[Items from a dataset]
****************

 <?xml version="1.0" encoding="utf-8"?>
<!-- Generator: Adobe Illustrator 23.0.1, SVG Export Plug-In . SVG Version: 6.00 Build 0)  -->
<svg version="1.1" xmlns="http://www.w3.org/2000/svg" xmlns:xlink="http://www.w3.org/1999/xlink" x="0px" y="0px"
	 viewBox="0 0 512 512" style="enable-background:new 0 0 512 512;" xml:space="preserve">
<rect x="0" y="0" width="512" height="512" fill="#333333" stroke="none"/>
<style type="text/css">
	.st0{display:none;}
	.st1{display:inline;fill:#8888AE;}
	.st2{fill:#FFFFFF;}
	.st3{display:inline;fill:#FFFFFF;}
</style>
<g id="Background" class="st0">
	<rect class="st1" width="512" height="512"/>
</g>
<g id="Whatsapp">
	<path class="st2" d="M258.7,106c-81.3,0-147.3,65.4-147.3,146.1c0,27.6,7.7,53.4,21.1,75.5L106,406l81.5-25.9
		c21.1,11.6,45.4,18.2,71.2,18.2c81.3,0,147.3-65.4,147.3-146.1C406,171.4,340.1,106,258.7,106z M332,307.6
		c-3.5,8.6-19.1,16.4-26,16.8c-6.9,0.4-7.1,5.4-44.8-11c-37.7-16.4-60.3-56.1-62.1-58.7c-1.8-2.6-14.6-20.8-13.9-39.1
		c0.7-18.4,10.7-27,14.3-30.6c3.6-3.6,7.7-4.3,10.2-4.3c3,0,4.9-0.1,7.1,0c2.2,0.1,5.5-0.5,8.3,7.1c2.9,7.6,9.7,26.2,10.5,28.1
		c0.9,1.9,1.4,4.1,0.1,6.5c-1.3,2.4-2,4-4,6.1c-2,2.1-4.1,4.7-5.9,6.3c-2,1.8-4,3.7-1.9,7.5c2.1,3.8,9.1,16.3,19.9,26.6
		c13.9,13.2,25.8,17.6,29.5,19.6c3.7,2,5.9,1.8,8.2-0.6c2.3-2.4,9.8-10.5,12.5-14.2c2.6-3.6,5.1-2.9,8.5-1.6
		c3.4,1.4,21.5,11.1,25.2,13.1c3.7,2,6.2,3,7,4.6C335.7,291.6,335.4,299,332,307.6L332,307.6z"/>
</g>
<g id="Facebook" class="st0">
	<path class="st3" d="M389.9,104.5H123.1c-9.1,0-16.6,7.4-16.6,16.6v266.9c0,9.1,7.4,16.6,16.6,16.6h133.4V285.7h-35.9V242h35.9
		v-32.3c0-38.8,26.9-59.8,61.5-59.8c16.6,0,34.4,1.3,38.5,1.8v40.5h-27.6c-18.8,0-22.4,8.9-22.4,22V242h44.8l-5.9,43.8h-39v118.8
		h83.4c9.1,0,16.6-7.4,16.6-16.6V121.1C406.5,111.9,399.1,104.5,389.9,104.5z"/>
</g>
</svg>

****************

### What you will do:
All the lines above need to be printed again, exactly.

### Solution to this task:
 <?xml version="1.0" encoding="utf-8"?>
<!-- Generator: Adobe Illustrator 23.0.1, SVG Export Plug-In . SVG Version: 6.00 Build 0)  -->
<svg version="1.1" xmlns="http://www.w3.org/2000/svg" xmlns:xlink="http://www.w3.org/1999/xlink" x="0px" y="0px"
	 viewBox="0 0 512 512" style="enable-background:new 0 0 512 512;" xml:space="preserve">
<rect x="0" y="0" width="512" height="512" fill="#333333" stroke="none"/>
<style type="text/css">
	.st0{display:none;}
	.st1{display:inline;fill:#8888AE;}
	.st2{fill:#FFFFFF;}
	.st3{display:inline;fill:#FFFFFF;}
</style>
<g id="Background" class="st0">
	<rect class="st1" width="512" height="512"/>
</g>
<g id="Whatsapp">
	<path class="st2" d="M258.7,106c-81.3,0-147.3,65.4-147.3,146.1c0,27.6,7.7,53.4,21.1,75.5L106,406l81.5-25.9
		c21.1,11.6,45.4,18.2,71.2,18.2c81.3,0,147.3-65.4,147.3-146.1C406,171.4,340.1,106,258.7,106z M332,307.6
		c-3.5,8.6-19.1,16.4-26,16.8c-6.9,0.4-7.1,5.4-44.8-11c-37.7-16.4-60.3-56.1-62.1-58.7c-1.8-2.6-14.6-20.8-13.9-39.1
		c0.7-18.4,10.7-27,14.3-30.6c3.6-3.6,7.7-4.3,10.2-4.3c3,0,4.9-0.1,7.1,0c2.2,0.1,5.5-0.5,8.3,7.1c2.9,7.6,9.7,26.2,10.5,28.1
		c0.9,1.9,1.4,4.1,0.1,6.5c-1.3,2.4-2,4-4,6.1c-2,2.1-4.1,4.7-5.9,6.3c-2,1.8-4,3.7-1.9,7.5c2.1,3.8,9.1,16.3,19.9,26.6
		c13.9,13.2,25.8,17.6,29.5,19.6c3.7,2,5.9,1.8,8.2-0.6c2.3-2.4,9.8-10.5,12.5-14.2c2.6-3.6,5.1-2.9,8.5-1.6
		c3.4,1.4,21.5,11.1,25.2,13.1c3.7,2,6.2,3,7,4.6C335.7,291.6,335.4,299,332,307.6L332,307.6z"/>
</g>
<g id="Facebook" class="st0">
	<path class="st3" d="M389.9,104.5H123.1c-9.1,0-16.6,7.4-16.6,16.6v266.9c0,9.1,7.4,16.6,16.6,16.6h133.4V285.7h-35.9V242h35.9
		v-32.3c0-38.8,26.9-59.8,61.5-59.8c16.6,0,34.4,1.3,38.5,1.8v40.5h-27.6c-18.8,0-22.4,8.9-22.4,22V242h44.8l-5.9,43.8h-39v118.8
		h83.4c9.1,0,16.6-7.4,16.6-16.6V121.1C406.5,111.9,399.1,104.5,389.9,104.5z"/>
</g>
</svg>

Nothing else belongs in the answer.